Problem
Work across academic research, software projects, applications and personal knowledge creates context in different forms: projects, tasks, decisions, notes, resources and reusable workflows.
Without a consistent structure, information becomes difficult to retrieve and AI-assisted work repeatedly requires the same project context to be reconstructed.
Solution
The system uses PARA as the underlying information architecture for projects, areas, resources and archived material in Notion.
Projects contain their current state, durable decisions and relevant artifacts. Notes and resources are linked to the appropriate context instead of being stored as an undifferentiated knowledge base.
Reusable AI skills handle recurring workflows such as content routing, research preparation and structured hand-offs. They define triggers, constraints and output formats, with confirmation required before persistent changes are made.
Result
The system is used as the central project and knowledge workspace across academic, technical and personal work.
Project context remains available across sessions, while recurring information-management tasks follow the same routing and validation rules. The system has evolved from a PARA workspace into a broader context layer for AI-assisted work.

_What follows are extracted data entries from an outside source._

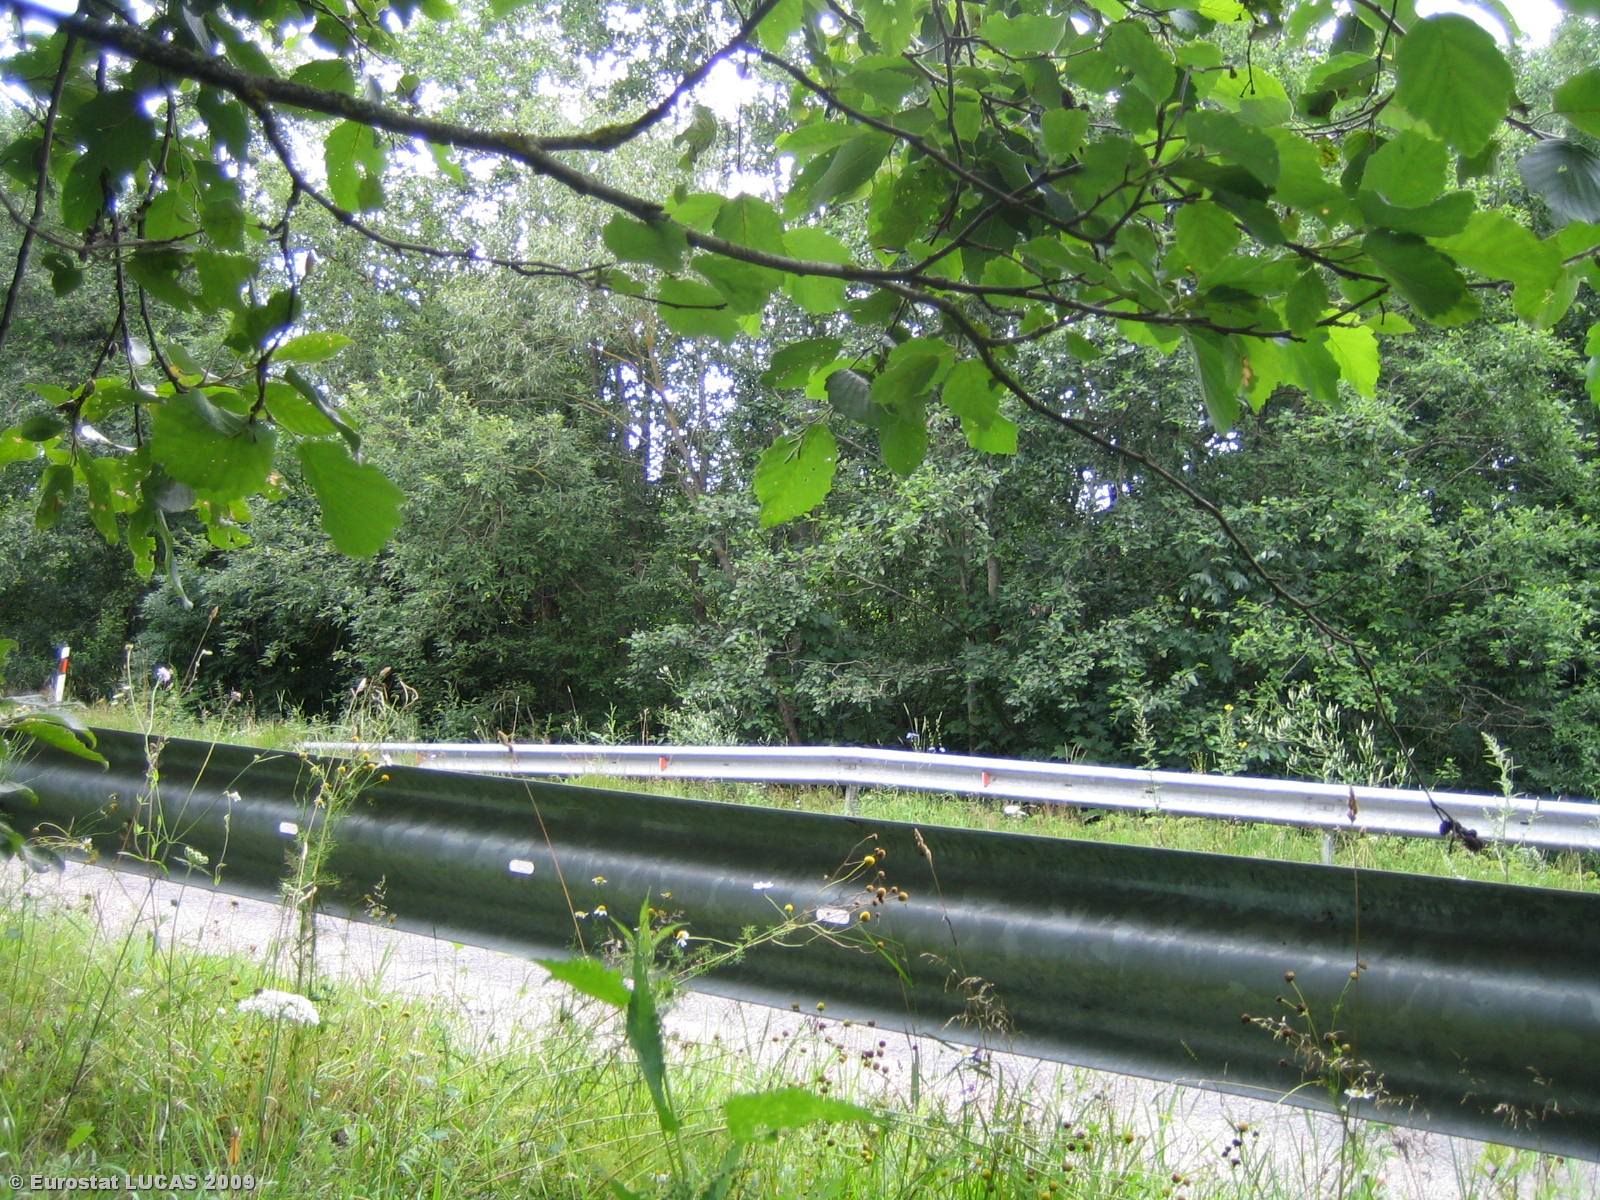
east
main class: Woodland
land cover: Broadleaved woodland
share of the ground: > 75 %
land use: Forestry
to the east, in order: Broadleaved woodland; Grass margins; Paved roads, cycling and walking lanes; Grass margins; Broadleaved woodland; Tracks; Grassland without tree/shrub cover; Artificial constructions in urban areas; Broadleaved woodland
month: July
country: LT
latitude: 55.4562
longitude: 25.5110
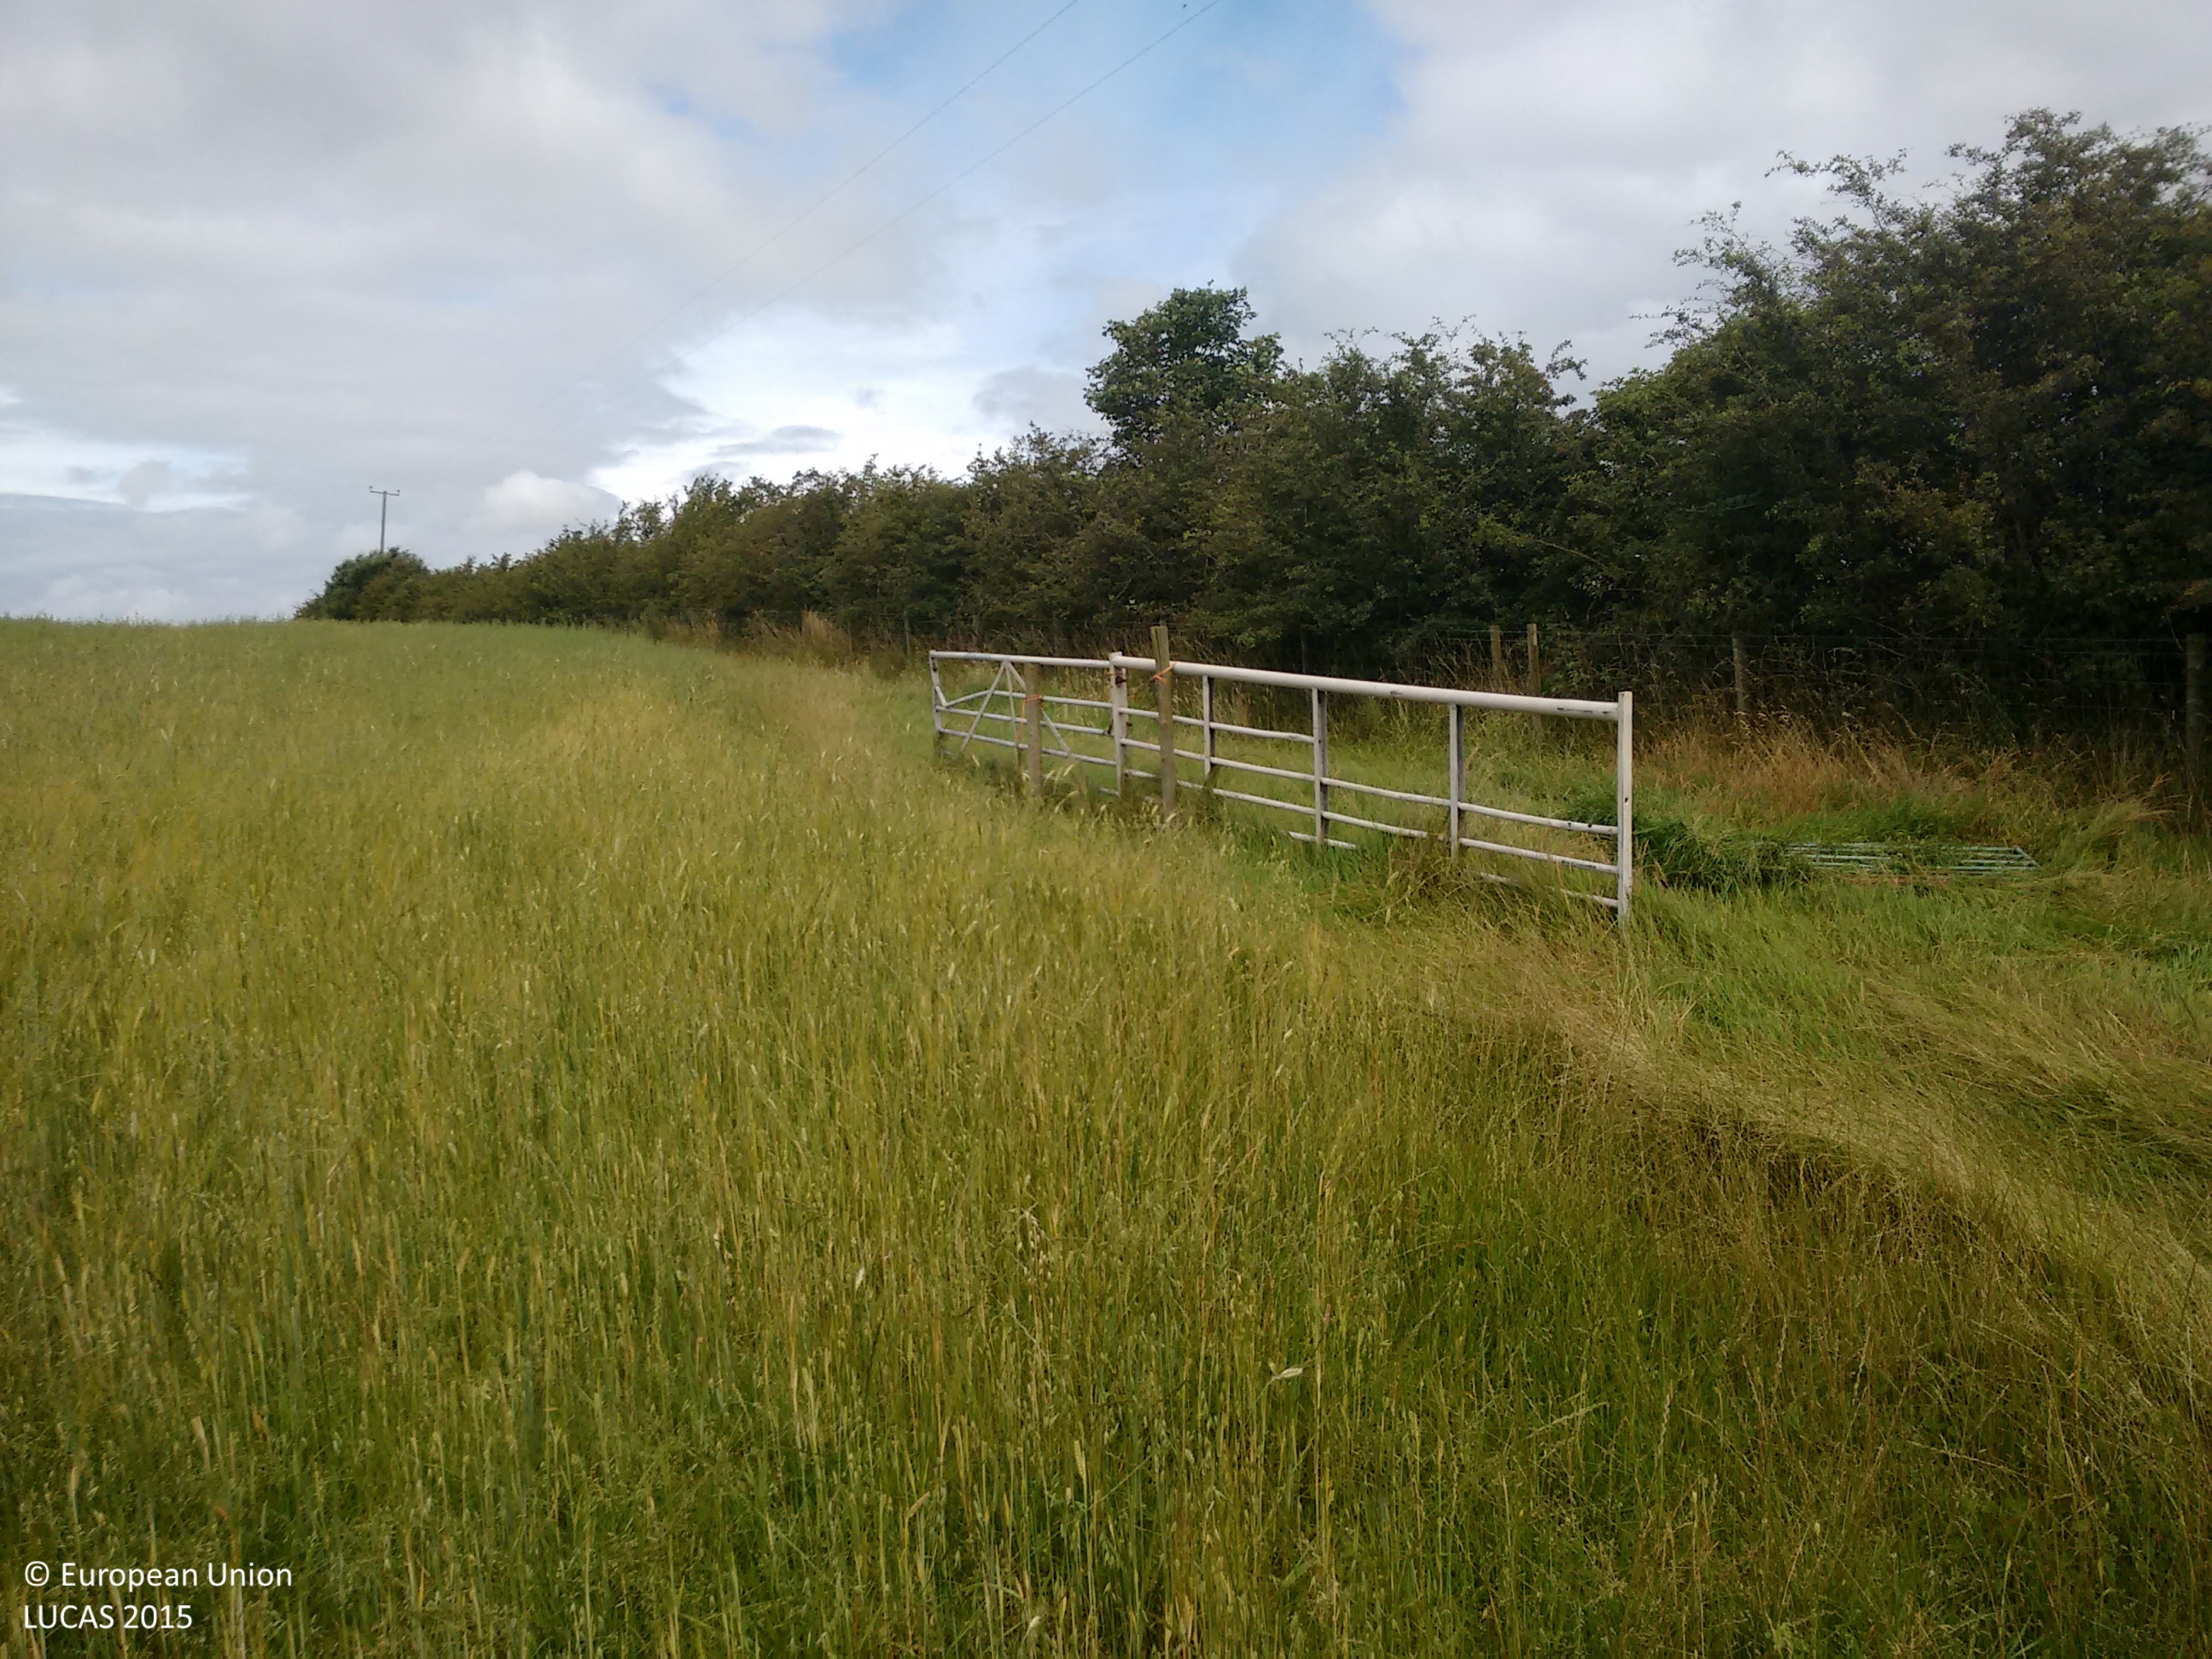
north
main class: Cropland
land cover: Oats
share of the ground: > 75 %
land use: Agriculture (excluding fallow land and kitchen gardens)
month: August
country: GB
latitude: 54.6489
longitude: -3.3289

The system was designed around a simple principle: build the context system, not a more complex agent. Rather than encoding every workflow into one assistant, tasks are routed to the relevant context, rules and tools. Several patterns that started as custom conventions in the workspace, including task-specific skills, persistent project context and structured routing, have since become increasingly common abstractions in the AI tools used around it.
Technical Details
Notion provides the structured data layer through related databases for projects, areas, tasks, notes, resources and specialized collections. It stores project context, durable decisions and project management rather than repository code or implementation details.
Technical projects connect this context to a separate development workflow. GitHub acts as the source of truth for code and technical issues, while OpenCode handles implementation through project-specific context, skills and development rules. The boundaries between the systems are explicit: Notion determines what should be built and preserves the relevant product context; GitHub tracks the technical work and resulting code; OpenCode executes against that repository context.
Routing rules and reusable skills connect these layers without requiring one agent to hold the entire system in its prompt. Depending on the task, the agent loads the relevant project context, domain resources and workflow instructions before acting.
The same principle applies to knowledge management. Incoming information is classified by destination rather than forcing an entire note into a single category. AI skills define reusable multi-step workflows with explicit constraints and human-in-the-loop checkpoints, while the Notion API supports structured reads and writes where automation is appropriate.